_WORK ITEM_. Each entry that follows is to be copied exactly, minus any pictures.

↓

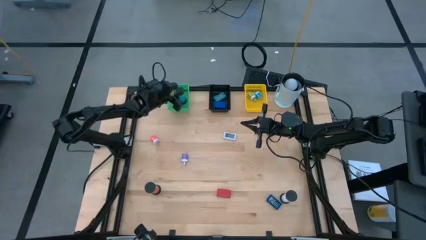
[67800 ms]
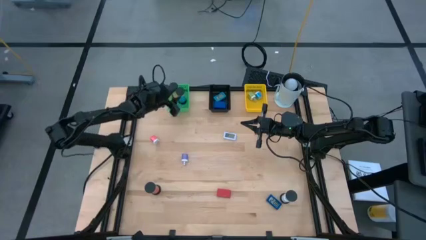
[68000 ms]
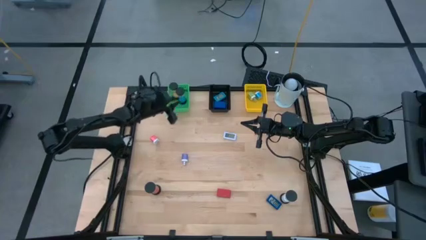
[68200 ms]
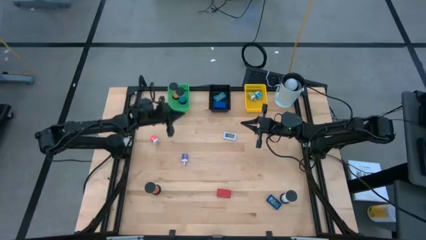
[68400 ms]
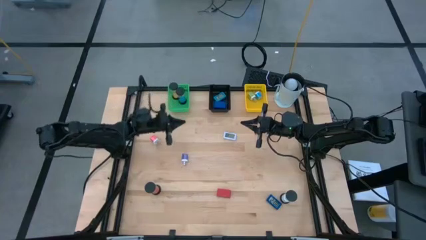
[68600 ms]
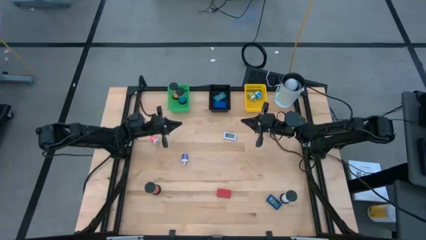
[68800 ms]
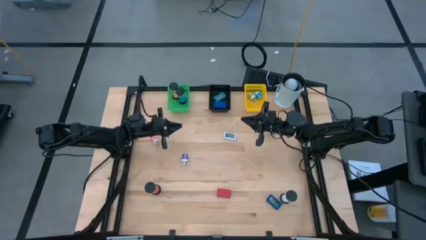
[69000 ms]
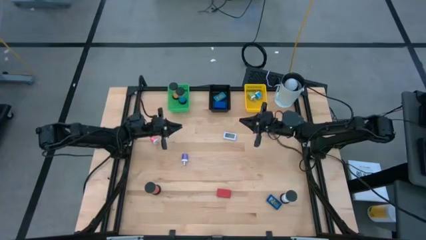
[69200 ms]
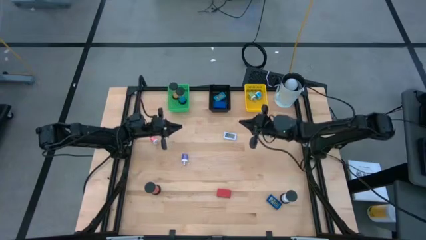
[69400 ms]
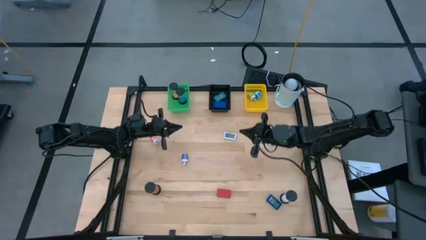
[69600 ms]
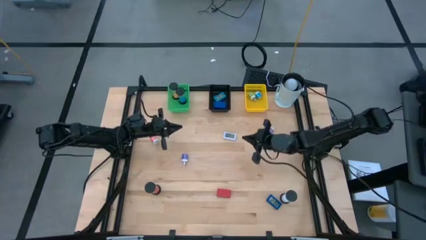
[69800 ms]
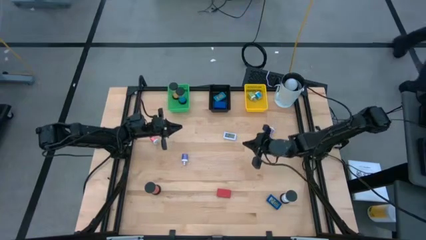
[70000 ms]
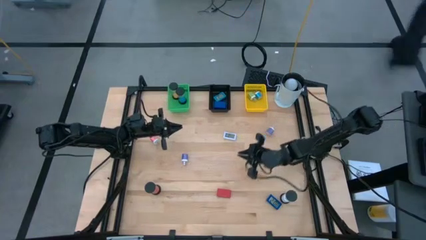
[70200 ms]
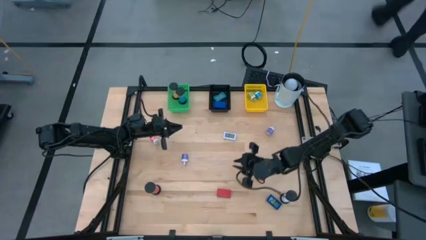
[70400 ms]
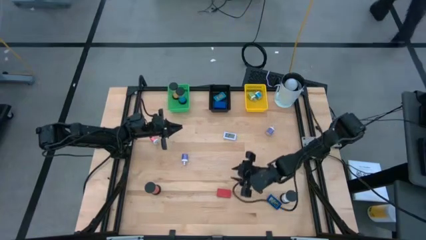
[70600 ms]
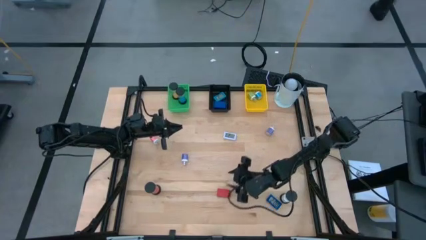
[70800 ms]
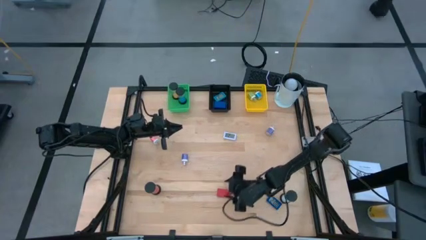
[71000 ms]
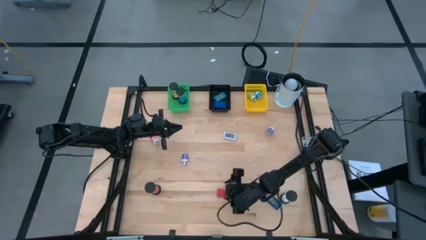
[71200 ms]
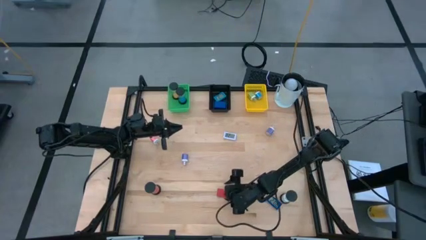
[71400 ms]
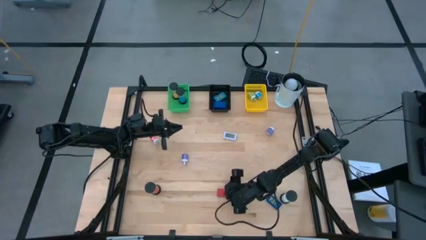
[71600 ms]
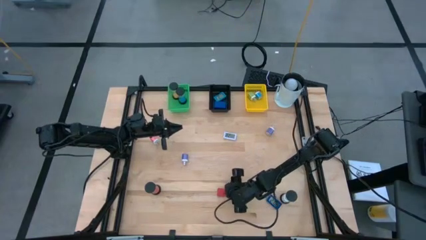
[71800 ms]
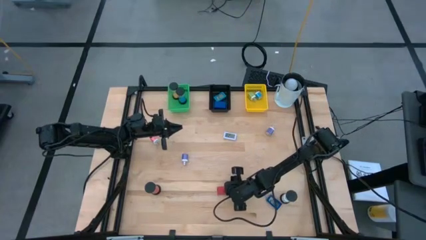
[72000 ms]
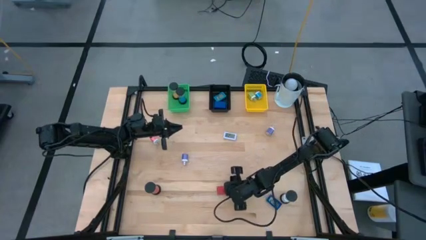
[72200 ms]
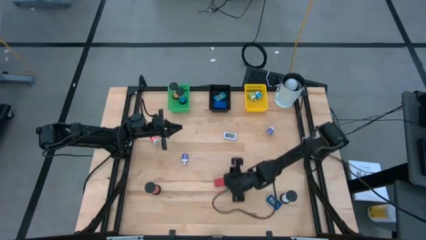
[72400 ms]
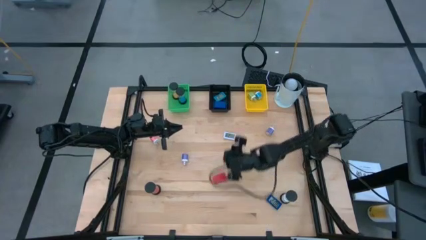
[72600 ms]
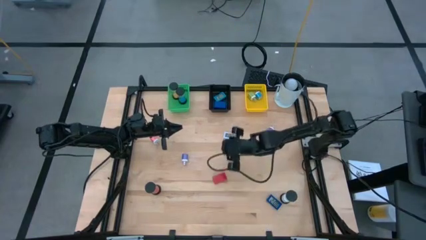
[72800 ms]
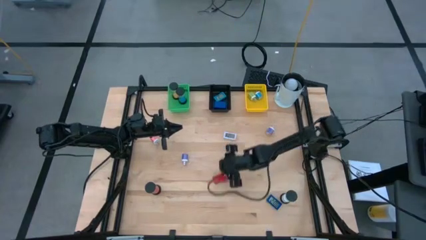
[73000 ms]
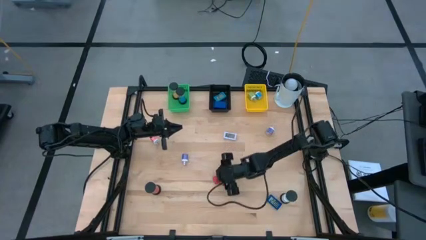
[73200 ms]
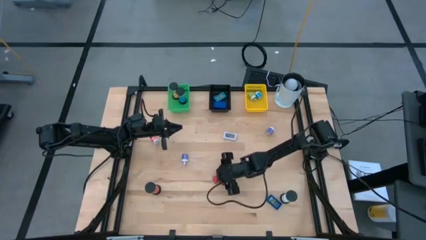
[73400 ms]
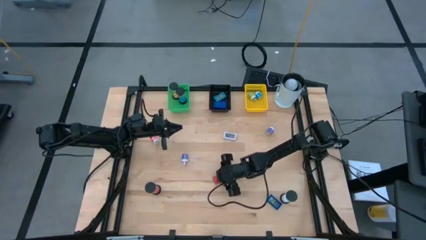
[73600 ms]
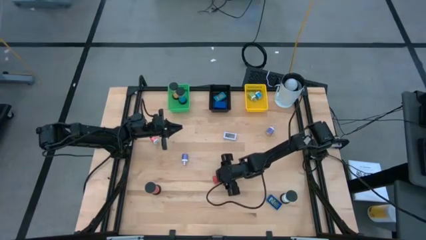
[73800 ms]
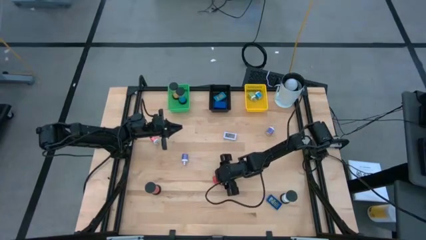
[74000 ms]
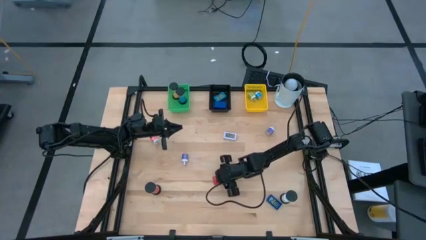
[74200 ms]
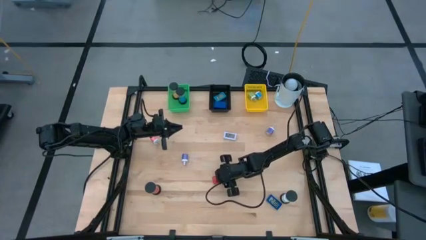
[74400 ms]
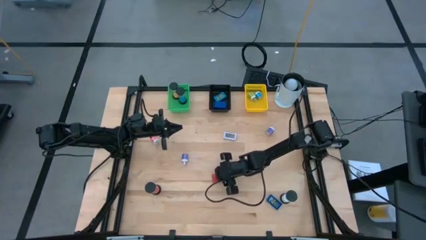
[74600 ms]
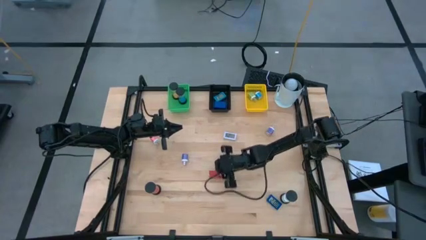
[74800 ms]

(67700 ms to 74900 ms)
Task: Pick & Place Office items
Put the red digital timer into the black bin

↑

_ANSWER AREA_.
[67800 ms]
[68000 ms]
[68200 ms]
[68400 ms]
[68600 ms]
[68800 ms]
[69000 ms]
[69200 ms]
[69400 ms]
[69600 ms]
[69800 ms]
[70000 ms]
[70200 ms]
[70400 ms]
[70600 ms]
[70800 ms]
[71000 ms]
[71200 ms]
[71400 ms]
[71600 ms]
[71800 ms]
[72000 ms]
[72200 ms]
[72400 ms]
[72600 ms]
[72800 ms]
[73000 ms]
[73200 ms]
[73400 ms]
[73600 ms]
[73800 ms]
[74000 ms]
[74200 ms]
[74400 ms]
[74600 ms]
[74800 ms]

(67700 ms to 74900 ms)
Task: Pick & Place Office items
Put the red digital timer into the black bin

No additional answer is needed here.